■ **Instructions for the task**: Across all the records, filter for lines with the word "xlink" and copy them.

■ **Data records**:
+ + + +

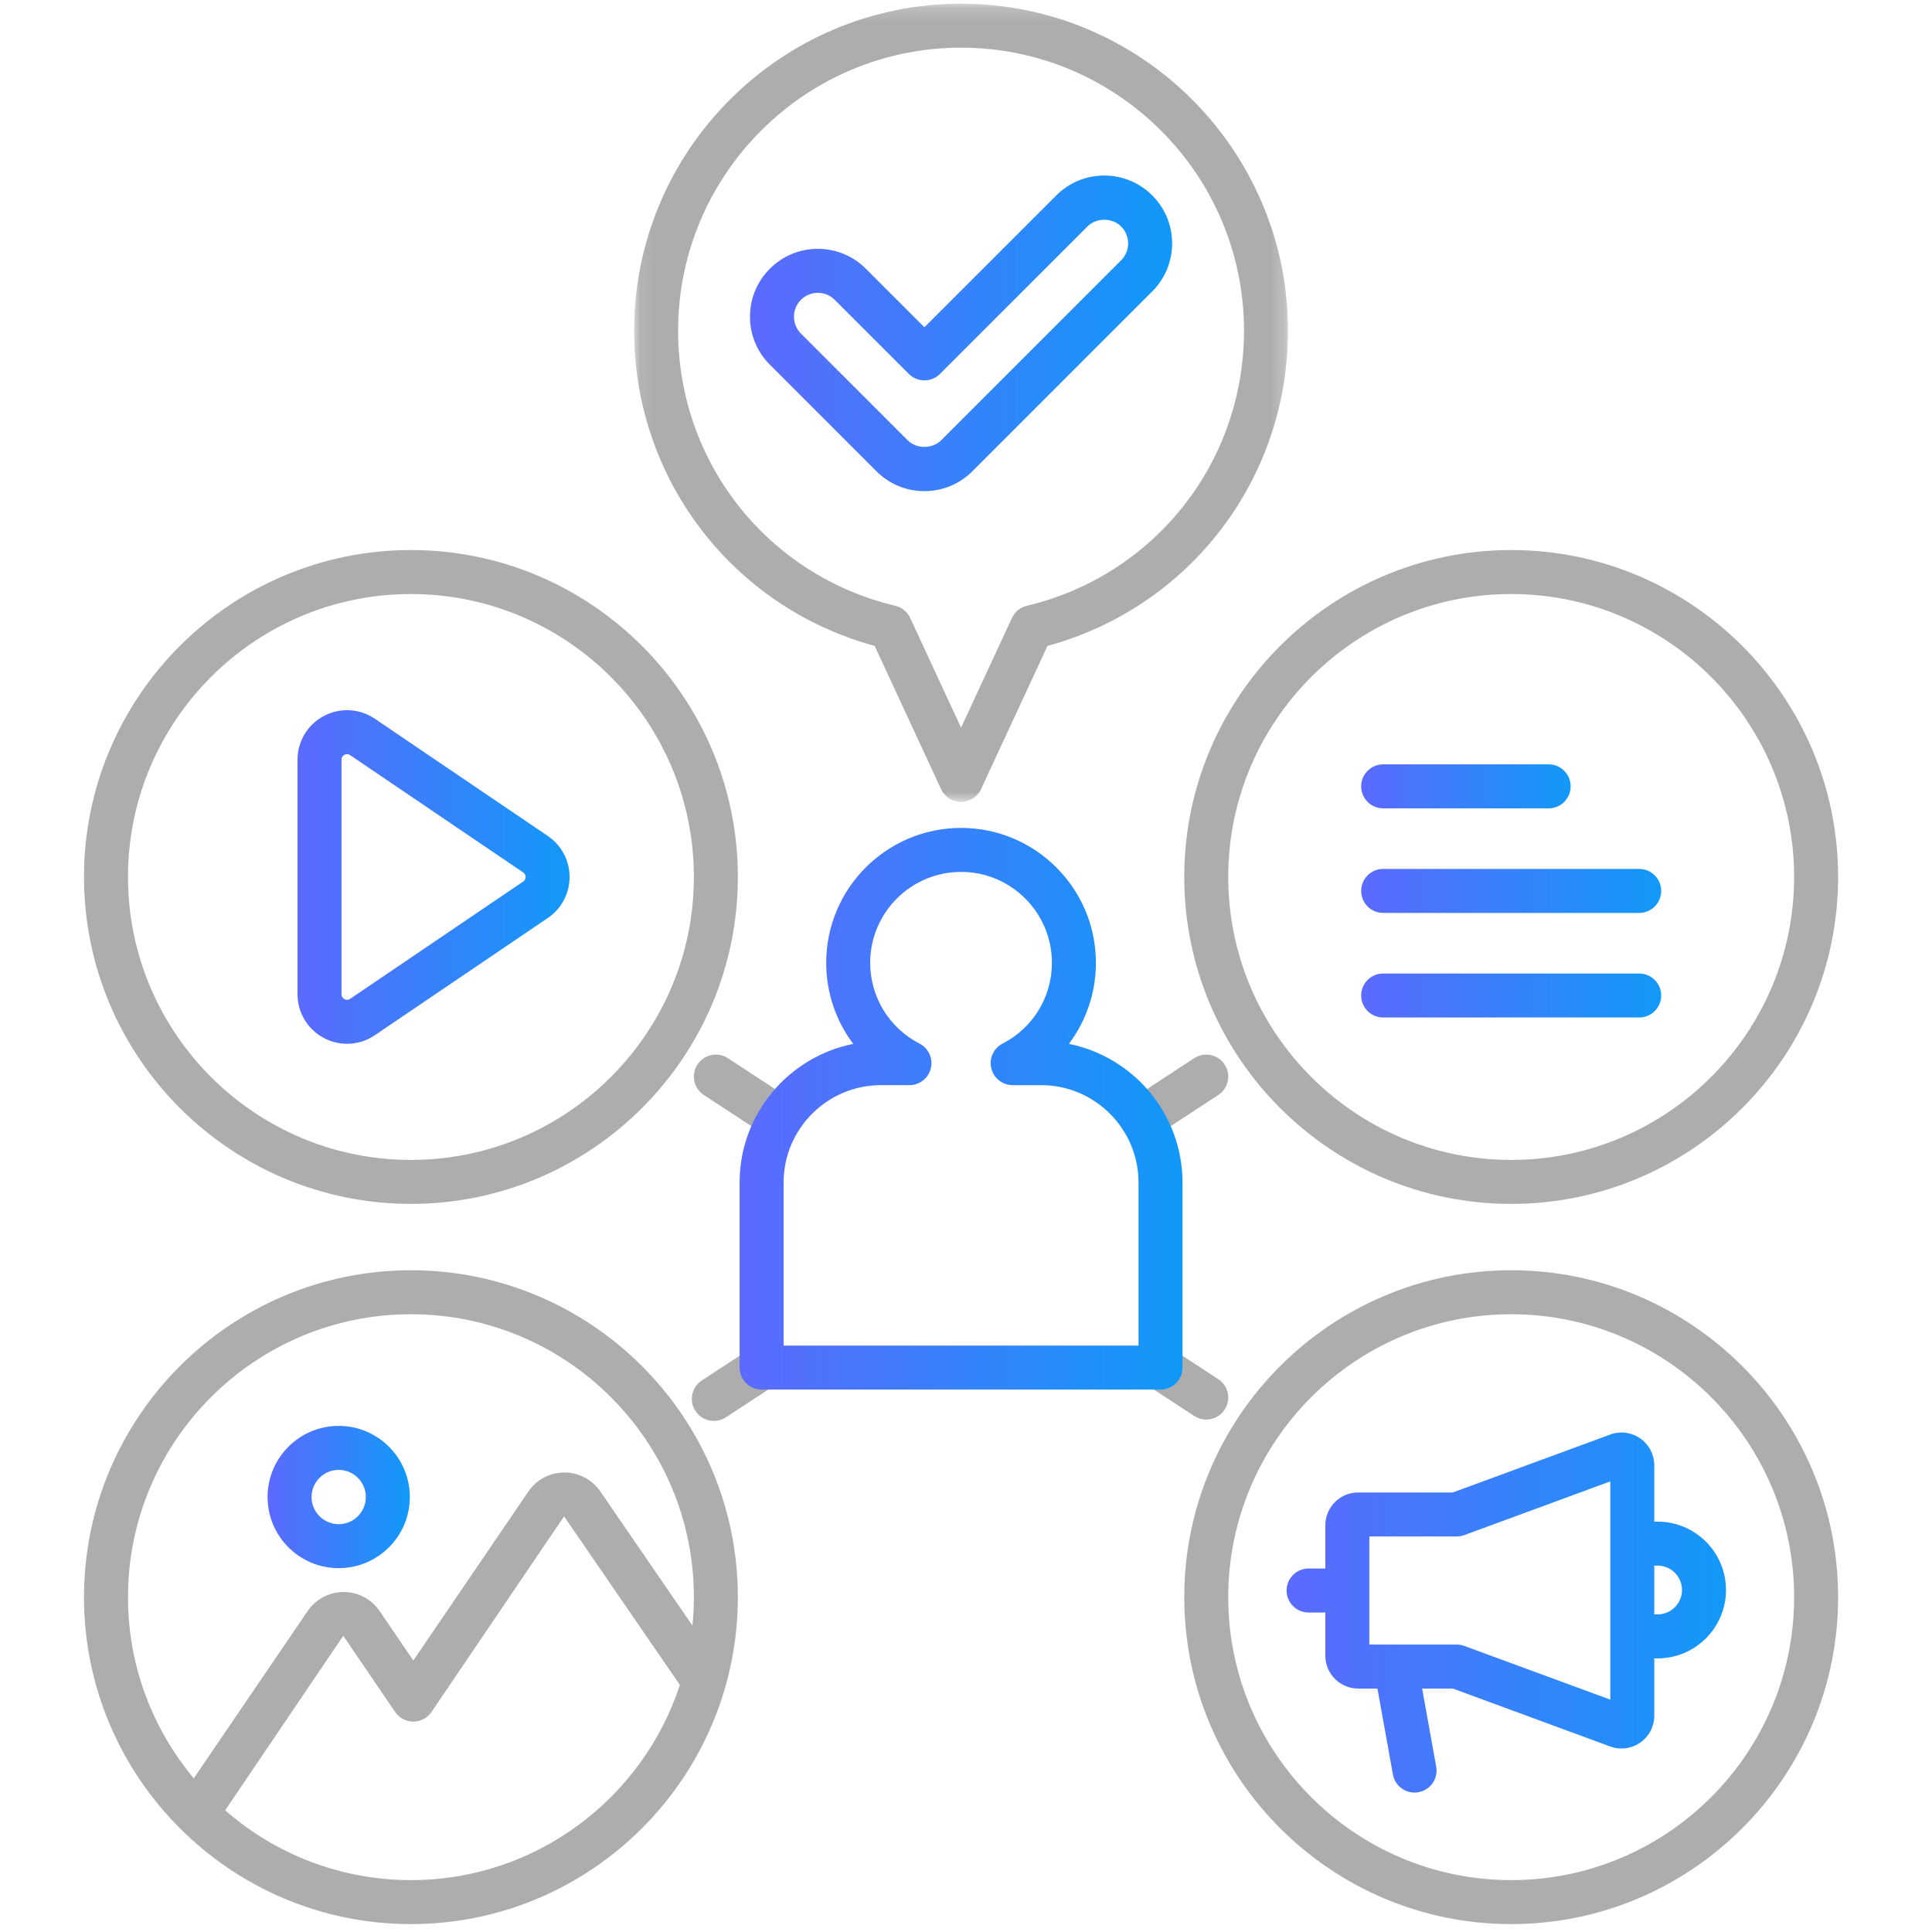 <?xml version="1.0" encoding="UTF-8"?>
<svg width="138px" height="138px" viewBox="0 0 138 138" version="1.1" xmlns="http://www.w3.org/2000/svg" xmlns:xlink="http://www.w3.org/1999/xlink">
    <!-- Generator: Sketch 63.1 (92452) - https://sketch.com -->
    <title>群組</title>
    <desc>Created with Sketch.</desc>
    <defs>
        <polygon id="path-1" points="0.084 0.196 46.788 0.196 46.788 57.212 0.084 57.212"></polygon>
        <linearGradient x1="100%" y1="50%" x2="0%" y2="50%" id="linearGradient-3">
            <stop stop-color="#1099F9" offset="0%"></stop>
            <stop stop-color="#5C6AFE" offset="100%"></stop>
        </linearGradient>
        <linearGradient x1="100%" y1="50%" x2="0%" y2="50%" id="linearGradient-4">
            <stop stop-color="#1099F9" offset="0%"></stop>
            <stop stop-color="#5C6AFE" offset="100%"></stop>
        </linearGradient>
        <linearGradient x1="100%" y1="50%" x2="0%" y2="50%" id="linearGradient-5">
            <stop stop-color="#1299F9" offset="0%"></stop>
            <stop stop-color="#5B6AFE" offset="100%"></stop>
        </linearGradient>
        <linearGradient x1="100%" y1="50%" x2="0%" y2="50%" id="linearGradient-6">
            <stop stop-color="#1299F9" offset="0%"></stop>
            <stop stop-color="#5B6AFE" offset="100%"></stop>
        </linearGradient>
        <linearGradient x1="100%" y1="50%" x2="0%" y2="50%" id="linearGradient-7">
            <stop stop-color="#1299F9" offset="0%"></stop>
            <stop stop-color="#5B6AFE" offset="100%"></stop>
        </linearGradient>
        <linearGradient x1="100%" y1="50%" x2="0%" y2="50%" id="linearGradient-8">
            <stop stop-color="#1299F9" offset="0%"></stop>
            <stop stop-color="#5B6AFE" offset="100%"></stop>
        </linearGradient>
        <linearGradient x1="100%" y1="50%" x2="0%" y2="50%" id="linearGradient-9">
            <stop stop-color="#1299F9" offset="0%"></stop>
            <stop stop-color="#5B6AFE" offset="100%"></stop>
        </linearGradient>
    </defs>
    <g id="page-1" stroke="none" stroke-width="1" fill="none" fill-rule="evenodd">
        <g id="00_GenesysCloud_a" transform="translate(-1456, -1071)">
            <g id="群組" transform="translate(1462, 1071)">
                <path d="M75.572,81.475 C75.06,81.475 74.558,81.224 74.256,80.764 C73.781,80.038 73.984,79.064 74.71,78.589 L79.3,75.584 C80.025,75.11 81,75.313 81.475,76.039 C81.95,76.765 81.747,77.738 81.02,78.213 L76.431,81.218 C76.166,81.391 75.867,81.475 75.572,81.475" id="Fill-1" fill="#ADADAD"></path>
                <path d="M44.988,101.493 C44.477,101.493 43.974,101.243 43.673,100.783 C43.198,100.057 43.401,99.083 44.127,98.608 L47.54,96.374 C48.264,95.9 49.239,96.102 49.715,96.828 C50.19,97.554 49.986,98.527 49.26,99.003 L45.848,101.237 C45.583,101.411 45.283,101.493 44.988,101.493" id="Fill-3" fill="#ADADAD"></path>
                <path d="M49.722,81.475 C49.427,81.475 49.129,81.392 48.863,81.218 L44.273,78.213 C43.547,77.738 43.344,76.765 43.819,76.039 C44.294,75.313 45.27,75.11 45.993,75.584 L50.584,78.589 C51.31,79.065 51.513,80.038 51.038,80.764 C50.737,81.224 50.234,81.475 49.722,81.475" id="Fill-5" fill="#ADADAD"></path>
                <path d="M80.159,101.398 C79.864,101.398 79.566,101.315 79.3,101.141 L76.033,99.003 C75.307,98.528 75.104,97.554 75.579,96.828 C76.054,96.102 77.028,95.9 77.754,96.374 L81.02,98.512 C81.746,98.988 81.95,99.961 81.475,100.687 C81.174,101.147 80.671,101.398 80.159,101.398" id="Fill-7" fill="#ADADAD"></path>
                <g transform="translate(39.211, 0.068)">
                    <mask id="mask-2" fill="white">
                        <use xlink:href="#path-1"></use>
                    </mask>
                    <g id="Clip-10"></g>
                    <path d="M23.436,3.337 C12.292,3.337 3.226,12.403 3.226,23.548 C3.226,32.946 9.605,41.029 18.74,43.203 C19.208,43.315 19.599,43.634 19.801,44.07 L23.436,51.908 L27.072,44.07 C27.274,43.634 27.665,43.315 28.133,43.203 C37.267,41.029 43.647,32.946 43.647,23.548 C43.647,12.403 34.581,3.337 23.436,3.337 M23.436,57.212 C22.825,57.212 22.269,56.857 22.011,56.302 L17.265,46.069 C7.111,43.301 0.084,34.149 0.084,23.548 C0.084,10.671 10.56,0.195 23.436,0.195 C36.313,0.195 46.788,10.671 46.788,23.548 C46.788,34.149 39.762,43.301 29.608,46.069 L24.861,56.302 C24.604,56.857 24.048,57.212 23.436,57.212" id="Fill-9" fill="#ADADAD" mask="url(#mask-2)"></path>
                </g>
                <path d="M75.323,96.113 L49.971,96.113 L49.971,84.468 C49.971,80.631 53.092,77.51 56.929,77.51 L58.961,77.51 C59.686,77.51 60.317,77.014 60.488,76.309 C60.658,75.604 60.325,74.874 59.68,74.542 C57.507,73.423 56.157,71.211 56.157,68.769 C56.157,65.19 59.068,62.279 62.647,62.279 C66.225,62.279 69.137,65.19 69.137,68.769 C69.137,71.211 67.787,73.423 65.614,74.542 C64.969,74.874 64.636,75.604 64.806,76.309 C64.977,77.014 65.608,77.51 66.333,77.51 L68.365,77.51 C72.201,77.51 75.323,80.631 75.323,84.468 L75.323,96.113 Z M70.348,74.563 C71.581,72.926 72.279,70.907 72.279,68.769 C72.279,63.458 67.958,59.137 62.647,59.137 C57.336,59.137 53.015,63.458 53.015,68.769 C53.015,70.907 53.712,72.926 54.946,74.563 C50.323,75.488 46.829,79.578 46.829,84.468 L46.829,97.684 C46.829,98.552 47.532,99.255 48.4,99.255 L76.894,99.255 C77.761,99.255 78.464,98.552 78.464,97.684 L78.464,84.468 C78.464,79.578 74.97,75.488 70.348,74.563 L70.348,74.563 Z" id="Fill-11" fill="url(#linearGradient-3)"></path>
                <path d="M51.212,21.415 C51.534,21.093 51.962,20.916 52.418,20.916 C52.874,20.916 53.301,21.093 53.624,21.416 L58.919,26.71 C59.532,27.323 60.526,27.323 61.14,26.709 L71.671,16.18 C72.314,15.536 73.438,15.535 74.082,16.18 C74.404,16.502 74.581,16.931 74.581,17.386 C74.581,17.842 74.404,18.27 74.082,18.593 L61.235,31.44 C60.592,32.083 59.467,32.083 58.823,31.439 L51.212,23.828 C50.889,23.506 50.712,23.077 50.712,22.622 C50.712,22.166 50.889,21.738 51.212,21.415 L51.212,21.415 Z M56.601,33.661 C57.518,34.577 58.735,35.081 60.029,35.081 C61.325,35.081 62.542,34.576 63.457,33.661 L76.303,20.814 C77.219,19.898 77.723,18.681 77.723,17.386 C77.723,16.091 77.219,14.874 76.304,13.958 C75.388,13.043 74.171,12.539 72.876,12.539 C71.58,12.539 70.363,13.043 69.449,13.958 L60.029,23.377 L55.846,19.195 C54.931,18.279 53.713,17.774 52.418,17.774 C51.123,17.774 49.905,18.279 48.99,19.194 C48.074,20.11 47.571,21.327 47.571,22.622 C47.571,23.917 48.074,25.134 48.99,26.049 L56.601,33.661 Z" id="Fill-13" fill="url(#linearGradient-4)"></path>
                <path d="M101.942,42.431 C113.086,42.431 122.152,51.497 122.152,62.641 C122.152,73.786 113.086,82.852 101.942,82.852 C90.797,82.852 81.731,73.786 81.731,62.641 C81.731,51.497 90.797,42.431 101.942,42.431 M101.942,85.994 C114.818,85.994 125.294,75.518 125.294,62.641 C125.294,49.765 114.818,39.289 101.942,39.289 C89.065,39.289 78.59,49.765 78.59,62.641 C78.59,75.518 89.065,85.994 101.942,85.994" id="Fill-15" fill="#ADADAD"></path>
                <path d="M23.352,82.852 C12.208,82.852 3.142,73.786 3.142,62.641 C3.142,51.497 12.208,42.431 23.352,42.431 C34.497,42.431 43.563,51.497 43.563,62.641 C43.563,73.786 34.497,82.852 23.352,82.852 M23.352,39.289 C10.475,39.289 7.89473684e-05,49.765 7.89473684e-05,62.641 C7.89473684e-05,75.518 10.475,85.993 23.352,85.993 C36.229,85.993 46.704,75.518 46.704,62.641 C46.704,49.765 36.229,39.289 23.352,39.289" id="Fill-17" fill="#ADADAD"></path>
                <path d="M101.942,134.294 C90.797,134.294 81.731,125.228 81.731,114.084 C81.731,102.94 90.797,93.874 101.942,93.874 C113.086,93.874 122.152,102.94 122.152,114.084 C122.152,125.228 113.086,134.294 101.942,134.294 M101.942,90.732 C89.065,90.732 78.59,101.208 78.59,114.084 C78.59,126.96 89.065,137.436 101.942,137.436 C114.818,137.436 125.294,126.96 125.294,114.084 C125.294,101.208 114.818,90.732 101.942,90.732" id="Fill-19" fill="#ADADAD"></path>
                <path d="M43.46,116.114 L36.883,106.537 C36.303,105.686 35.342,105.178 34.312,105.178 C33.282,105.178 32.321,105.686 31.741,106.538 L23.522,118.609 L21.116,115.075 C20.536,114.223 19.575,113.715 18.546,113.715 L18.545,113.715 C17.515,113.715 16.555,114.223 15.975,115.075 L7.84,127.022 C4.909,123.514 3.142,119.003 3.142,114.084 C3.142,102.94 12.208,93.874 23.352,93.874 C34.496,93.874 43.563,102.94 43.563,114.084 C43.563,114.769 43.527,115.446 43.46,116.114 M23.352,134.294 C18.276,134.294 13.635,132.409 10.082,129.308 L18.519,116.843 L22.224,122.285 C22.517,122.714 23.003,122.971 23.522,122.971 C24.042,122.971 24.529,122.714 24.821,122.284 L34.29,108.311 L42.562,120.354 C39.917,128.437 32.308,134.294 23.352,134.294 M23.352,90.732 C10.475,90.732 0,101.208 0,114.084 C0,126.96 10.475,137.436 23.352,137.436 C36.229,137.436 46.704,126.96 46.704,114.084 C46.704,101.208 36.229,90.732 23.352,90.732" id="Fill-21" fill="#ADADAD"></path>
                <path d="M31.368,62.969 L31.368,62.969 L19.011,71.345 C18.848,71.455 18.7,71.418 18.603,71.367 C18.507,71.316 18.393,71.214 18.393,71.017 L18.393,54.266 C18.393,54.069 18.507,53.967 18.603,53.916 C18.654,53.89 18.718,53.867 18.792,53.867 C18.859,53.867 18.933,53.886 19.011,53.939 L31.368,62.315 C31.512,62.412 31.542,62.546 31.542,62.641 C31.542,62.737 31.512,62.872 31.368,62.969 M33.13,59.714 L20.773,51.338 C19.688,50.602 18.292,50.525 17.131,51.141 C15.972,51.756 15.251,52.953 15.251,54.266 L15.251,71.017 C15.251,72.33 15.972,73.527 17.131,74.142 C17.653,74.419 18.222,74.556 18.789,74.556 C19.484,74.556 20.176,74.351 20.773,73.945 L33.13,65.57 C34.103,64.911 34.684,63.816 34.684,62.641 C34.684,61.467 34.103,60.372 33.13,59.714" id="Fill-23" fill="url(#linearGradient-5)"></path>
                <path d="M18.193,108.87 C17.124,108.87 16.254,108 16.254,106.93 C16.254,105.861 17.124,104.991 18.193,104.991 C19.262,104.991 20.132,105.861 20.132,106.93 C20.132,108 19.262,108.87 18.193,108.87 M18.193,101.849 C15.391,101.849 13.112,104.129 13.112,106.93 C13.112,109.732 15.391,112.011 18.193,112.011 C20.994,112.011 23.274,109.732 23.274,106.93 C23.274,104.129 20.994,101.849 18.193,101.849" id="Fill-25" fill="url(#linearGradient-6)"></path>
                <path d="M92.798,57.739 L104.618,57.739 C105.485,57.739 106.189,57.035 106.189,56.168 C106.189,55.3 105.485,54.597 104.618,54.597 L92.798,54.597 C91.93,54.597 91.227,55.3 91.227,56.168 C91.227,57.035 91.93,57.739 92.798,57.739" id="Fill-27" fill="url(#linearGradient-7)"></path>
                <path d="M92.798,65.208 L111.085,65.208 C111.953,65.208 112.656,64.505 112.656,63.637 C112.656,62.769 111.953,62.066 111.085,62.066 L92.798,62.066 C91.93,62.066 91.227,62.769 91.227,63.637 C91.227,64.505 91.93,65.208 92.798,65.208" id="Fill-29" fill="url(#linearGradient-8)"></path>
                <path d="M92.798,72.677 L111.085,72.677 C111.953,72.677 112.656,71.974 112.656,71.106 C112.656,70.239 111.953,69.536 111.085,69.536 L92.798,69.536 C91.93,69.536 91.227,70.239 91.227,71.106 C91.227,71.974 91.93,72.677 92.798,72.677" id="Fill-31" fill="url(#linearGradient-8)"></path>
                <path d="M112.402,115.313 L112.163,115.313 L112.163,111.83 L112.402,111.83 C113.362,111.83 114.143,112.611 114.143,113.572 C114.143,114.532 113.362,115.313 112.402,115.313 L112.402,115.313 Z M109.021,121.403 L98.595,117.566 C98.421,117.502 98.238,117.469 98.053,117.469 L91.81,117.469 L91.81,109.747 L98.053,109.747 C98.238,109.747 98.421,109.714 98.595,109.65 L109.021,105.813 L109.021,121.403 Z M112.402,108.689 L112.163,108.689 L112.163,104.664 C112.163,103.899 111.788,103.182 111.161,102.745 C110.534,102.306 109.73,102.203 109.014,102.468 L97.773,106.605 L91.008,106.605 C89.718,106.605 88.668,107.655 88.668,108.945 L88.668,112.037 L87.47,112.037 C86.602,112.037 85.899,112.74 85.899,113.608 C85.899,114.475 86.602,115.179 87.47,115.179 L88.668,115.179 L88.668,118.271 C88.668,119.561 89.718,120.611 91.008,120.611 L92.388,120.611 L93.495,126.748 C93.632,127.507 94.293,128.04 95.039,128.04 C95.131,128.04 95.225,128.032 95.319,128.015 C96.173,127.861 96.74,127.044 96.586,126.19 L95.58,120.611 L97.773,120.611 L109.014,124.748 C109.276,124.845 109.55,124.892 109.822,124.892 C110.295,124.892 110.763,124.749 111.161,124.472 C111.788,124.034 112.163,123.317 112.163,122.553 L112.163,118.455 L112.402,118.455 C115.094,118.455 117.285,116.264 117.285,113.572 C117.285,110.879 115.094,108.689 112.402,108.689 L112.402,108.689 Z" id="Fill-33" fill="url(#linearGradient-9)"></path>
            </g>
        </g>
    </g>
</svg>

+ + + +

■ **Final answer**:
<svg width="138px" height="138px" viewBox="0 0 138 138" version="1.1" xmlns="http://www.w3.org/2000/svg" xmlns:xlink="http://www.w3.org/1999/xlink">
                        <use xlink:href="#path-1"></use>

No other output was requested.